Implement sophisticated search features that work across scripts:

javascript
function searchIgnoringDiacritics(text, query) {
  // Match base characters, ignoring diacritical marks
  const regex = new RegExp(query, 'vi')
  return regex.test(text)
}

console.log(searchIgnoringDiacritics('résumé', 'resume')) // true
console.log(searchIgnoringDiacritics('Σκύλος', 'σκυλος')) // true

Browser Support

Standardised in ECMAScript 2024 (spec text now in the ES-2026 draft).
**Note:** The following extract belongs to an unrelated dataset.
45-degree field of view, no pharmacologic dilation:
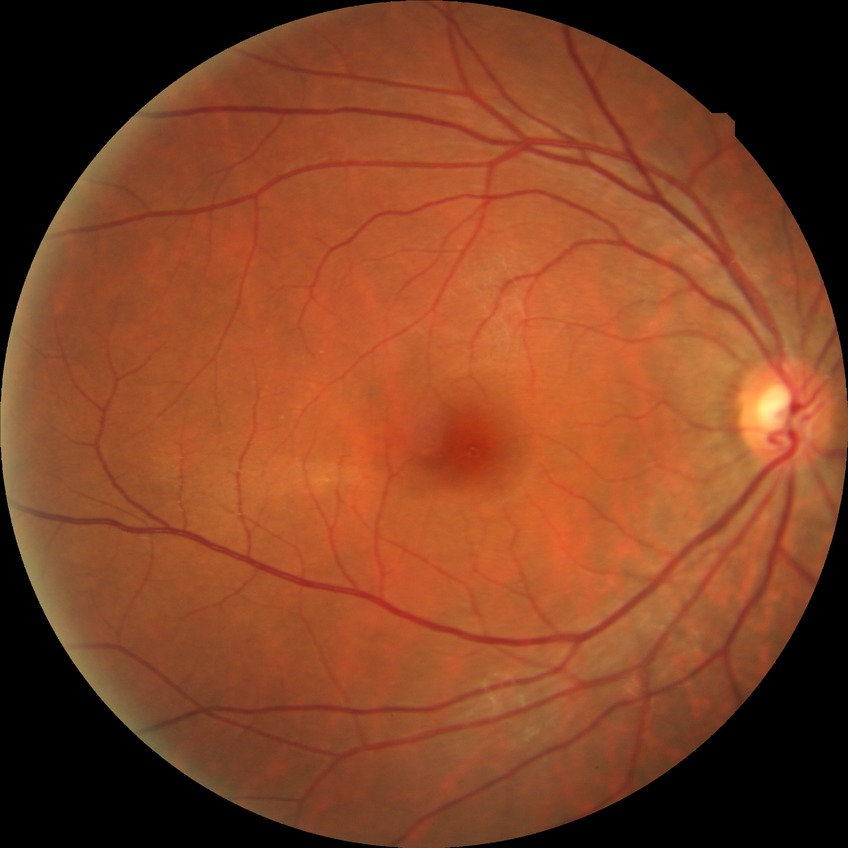

Diabetic retinopathy (DR) is NDR (no diabetic retinopathy).

Available in Chrome 117+, Firefox 119+, Safari TP (17.4) and Node 20.12+. To feature-detect the flag at runtime you can use:

javascript
const hasVFlag = (() => {
  try {
    new RegExp('', 'v')
    return true
  } catch {
    return false
  }
})()

Best Practices

  1. Performance: Unicode-aware regular expressions can be slower than simple ASCII matching. Use them when you specifically need Unicode support.

  2. Validation: Always test your regular expressions with a diverse set of input strings from different writing systems.

  3. Maintenance: Document your Unicode patterns well, as they can be less immediately readable than traditional regular expressions.

Conclusion

The RegExp 'v' flag significantly improves JavaScript's Unicode handling capabilities. It enables more accurate text processing across different writing systems, making it easier to build truly international applications. While it adds some complexity, the benefits of proper Unicode support far outweigh the learning curve for applications that need to handle multilingual text.